Council Regulation laying down measures concerning the European single market for electronic communications and to achieve a Connected Continent, and amending Directives 2002/20/EC, 2002/21/EC and 2002/22/EC and Regulations (EC) No. 1211/2009 and (EU) No. 531/2012

Legal base (a)  —

(b)  Article 114 TFEU; ordinary legislative procedure; QMV

Department Culture, Media and Sport
Basis of consideration Minister's letter of 30 January 2014
Previous Committee Reports HC 83-xxv (2013-14), chapter 4 (18 December 2013) and HC 83-xvii (2013-14), chapter 2 (16 October 2013)
Discussion in Council December 2013
Committee's assessment Politically important
Committee's decision Not cleared; further information requested


2.1 The background to the Commission Communication and this draft Regulation is set out fully in the first of our previous Reports; likewise the very detailed and helpful analysis of both documents by the Minister (Mr Edward Vaizey) in his Explanatory Memorandum of 10 October 2013.

Our assessment

2.2 It was notable that the Minister challenged the analysis cited by the Commission and described the issue of any net economic benefits to the EU market from both the package in its entirety and each individual element as unproven. In particular, he noted that, although a drive for more industry consolidation underlies some of the proposals, it was not clear that greater consolidation was the right answer: that, on the contrary, Ofcom analysis suggested that the market differences cited by the Commission stemmed from lower competition and greater pricing-power of incumbents in the US, rather than scale effects; and that fierce retail competition in domestic markets across the EU tended to drive down prices, margins and revenues, and also improve the quality of services. He saw competition as already a clear strength of the EU market, which did not appear to inhibit investment, with EU operators also investing similar shares of their revenue as non-EU counterparts. Thus, he said, these measures were unlikely to radically alter the prospects of those Member States that already embraced competition in broadband markets. Set against this, he clearly saw the EU's comparatively slow roll-out of Next Generation technologies as the area in which it genuinely lagged behind the US and parts of Asia.

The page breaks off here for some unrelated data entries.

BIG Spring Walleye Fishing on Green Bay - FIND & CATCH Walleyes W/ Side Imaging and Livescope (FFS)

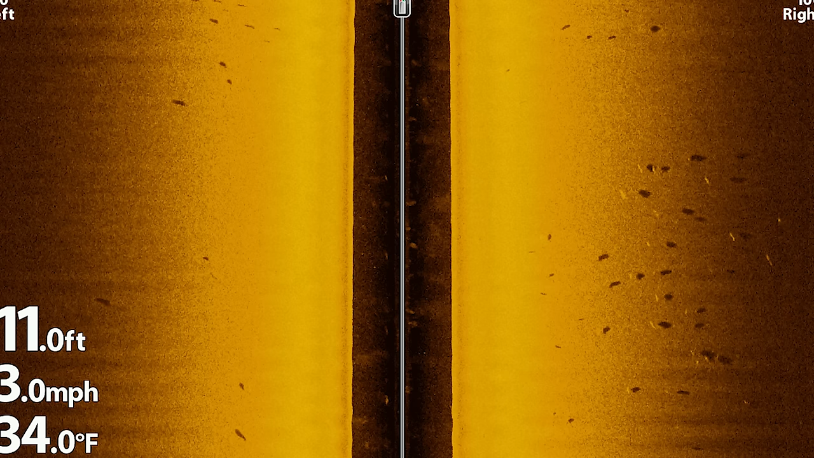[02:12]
I'll throw up some screenshots again of what it's going to look like on the side imaging. We're not seeing any of the big, big groups yet today.
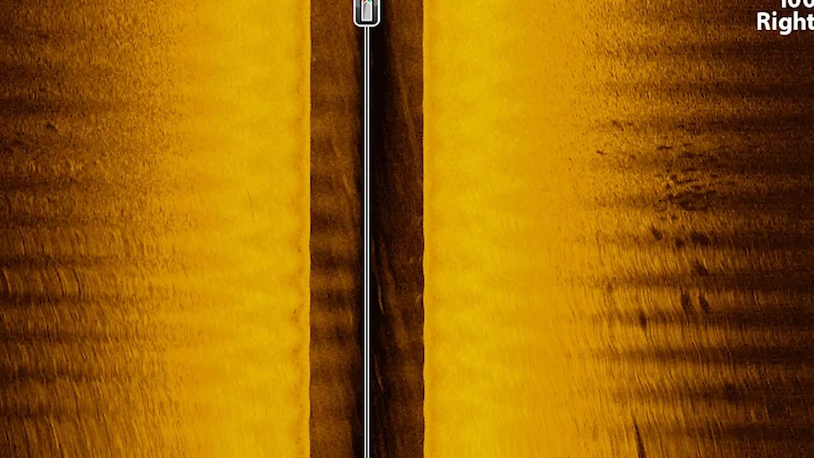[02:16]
We're seeing a little more scattered, but they're kind of scattered over quite a bit, quite a few areas.
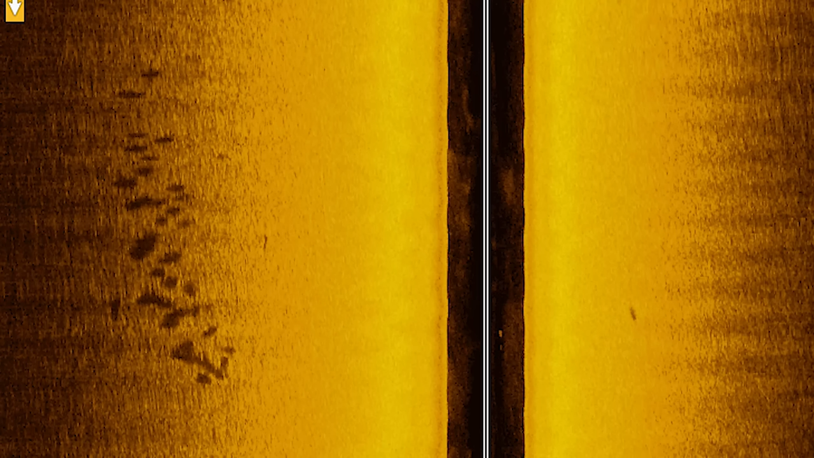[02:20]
So once we kind of found an area that we could do a pretty good drift, we're actually just fan casting with the live scope, kind of working through here as we drift, as we see fish, because it's been really hard to follow these fish.
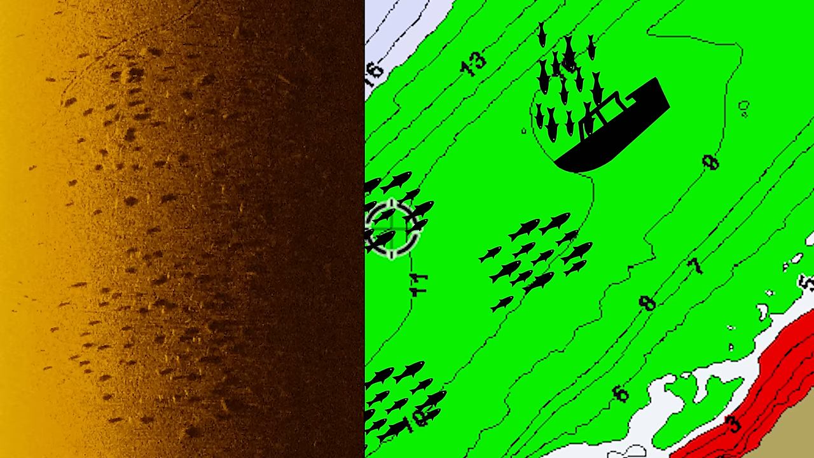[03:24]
driving around and kind of marking some waypoints when we're seeing these fish on side imaging.
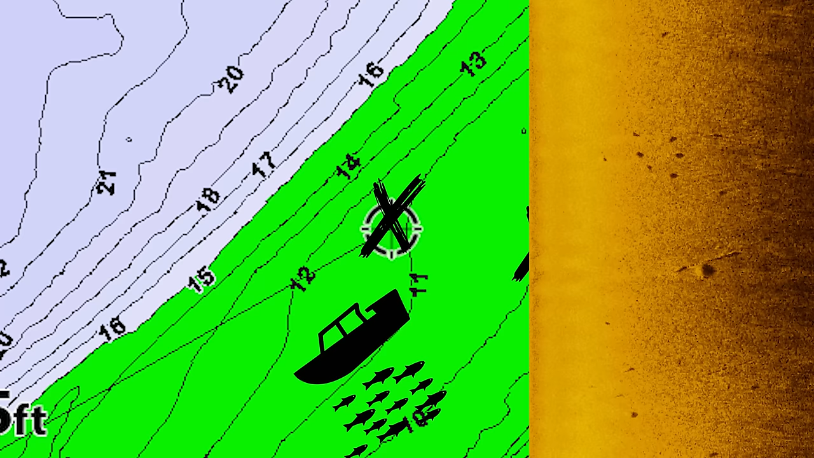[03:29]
So you can kind of get an idea of where the biggest concentration of fish are. Obviously these things are moving a ton, but when you can have multiple groups in a certain area, you can kind of pinpoint your drift where you're going to go upwind of these fish, drift back down towards them. So you have all your waypoints and you can kind of drift over those because as there's
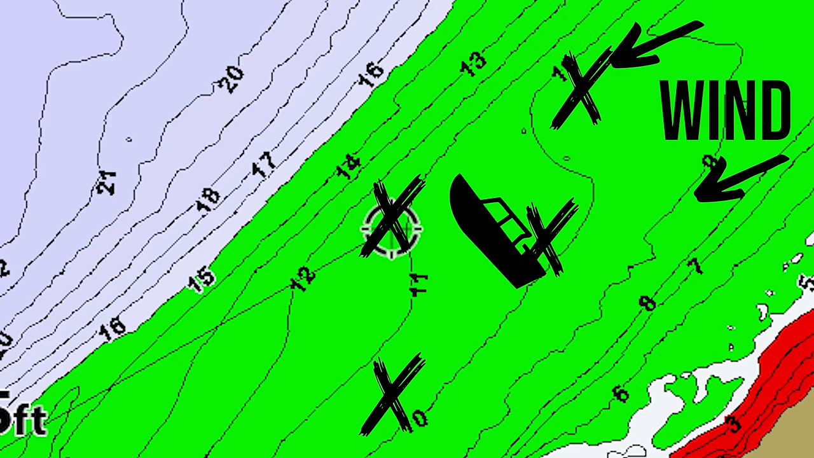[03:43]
many schools of fish working around and your boat is drifting towards them, you're going to be able to come across multiple of these fish, whether they're scattered ones,
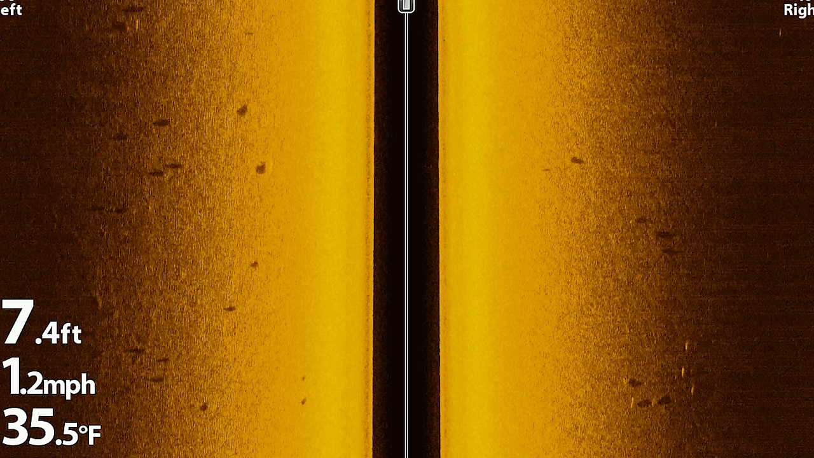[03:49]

2.3 Moreover, with regard to individual proposals, the Minister:

·  did not believe that national notification and compliance has hitherto been a material obstacle to pan-European operations, or see single authorisation as a substitute for addressing ineffective or inconsistent regulation, and noted that the administrative burden for operators in the UK would also increase radically;

·   noted that the proposals on Coordination of Use of Radio Spectrum would involve "a shift in competence from national regulators, which we would not want to see", with the Commission acquiring a power of veto over national draft decisions on spectrum assignment procedures and licence conditions if it considers they would damage the internal market;

·  underlined the well-documented value of spectrum to Member States' economies, and was accordingly concerned that the Commission would be extending its competence into matters that are currently a national responsibility;

·  at the same time believed that a pan-EU rollout of 4G mobile broadband services would have an immediate positive impact on the European economy and be more effective than further harmonisation of rules on spectrum auctions, noting that the Commission had not used its existing powers to expedite the allocation of spectrum for 4G service in Member States that had not yet done so;

·  saw the wider use of the Radio Spectrum Policy Group to develop harmonised technical conditions and issue guidance on licence fees and durations as a better alternative to the Commission's proposal;

·  believed that a better approach in the area of Virtual Unbundled Local Access (VULA) would be for BEREC to develop minimum reference offers in greater detail, in close consultation with industry; and notes that the proposal would constitute a significant transfer of power from NRAs to the Commission, which would risk NRAs being prevented from being innovative;

·  believed that an open internet can be achieved through self-regulation, and that transparency of traffic management policies employed by ISPs is the key;

·  was concerned that such a quick return to further regulation may introduce costly and unnecessary burdens and encourage an anti-competitive market environment; noting that the recently agreed Roaming III Regulation was negotiated as a ten-year Regulation; and

·  was also concerned that the proposal to change the role of its Chair carries the risk that BEREC may no longer be able to act independently of the Commission, and may represent the first step towards a centralisation of BEREC's functions to Brussels and the erosion of national regulators' discretion.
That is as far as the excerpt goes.